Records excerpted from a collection

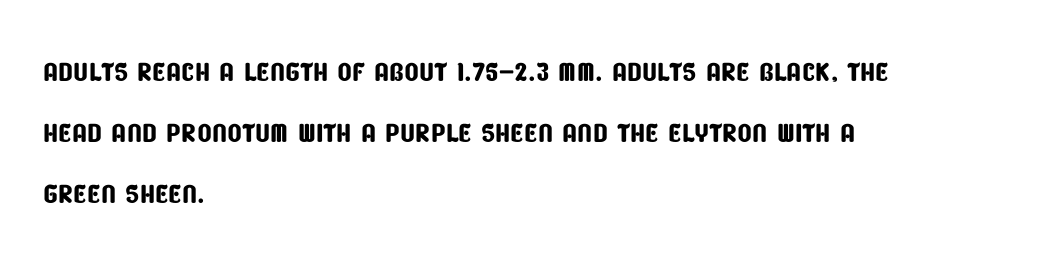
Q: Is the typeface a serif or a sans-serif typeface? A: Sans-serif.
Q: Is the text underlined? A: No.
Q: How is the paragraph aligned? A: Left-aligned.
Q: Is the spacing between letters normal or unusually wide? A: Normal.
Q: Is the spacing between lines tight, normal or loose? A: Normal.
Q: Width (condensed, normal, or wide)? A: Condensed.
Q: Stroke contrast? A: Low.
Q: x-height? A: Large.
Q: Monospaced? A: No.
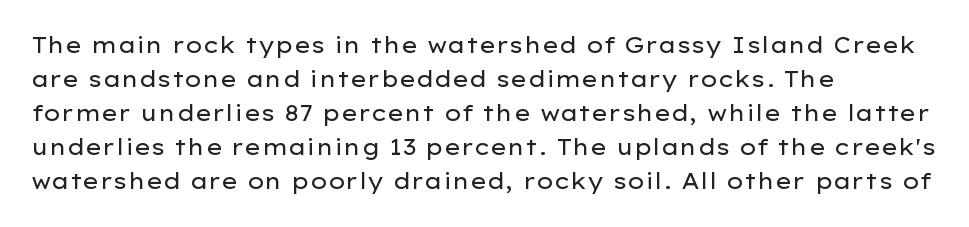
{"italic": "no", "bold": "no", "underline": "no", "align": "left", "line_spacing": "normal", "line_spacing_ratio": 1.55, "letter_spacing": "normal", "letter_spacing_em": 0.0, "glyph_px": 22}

# DESCRIPTION OF THE TASK
Say again, word for word, every line from the one with "Q: Stroke contrast? A: Low." through the last line of the data above, minus the pictures.

# WRITTEN SOLUTION
Q: Stroke contrast? A: Low.
Q: x-height? A: Large.
Q: Monospaced? A: No.
{"italic": "no", "bold": "no", "underline": "no", "align": "left", "line_spacing": "normal", "line_spacing_ratio": 1.55, "letter_spacing": "normal", "letter_spacing_em": 0.0, "glyph_px": 22}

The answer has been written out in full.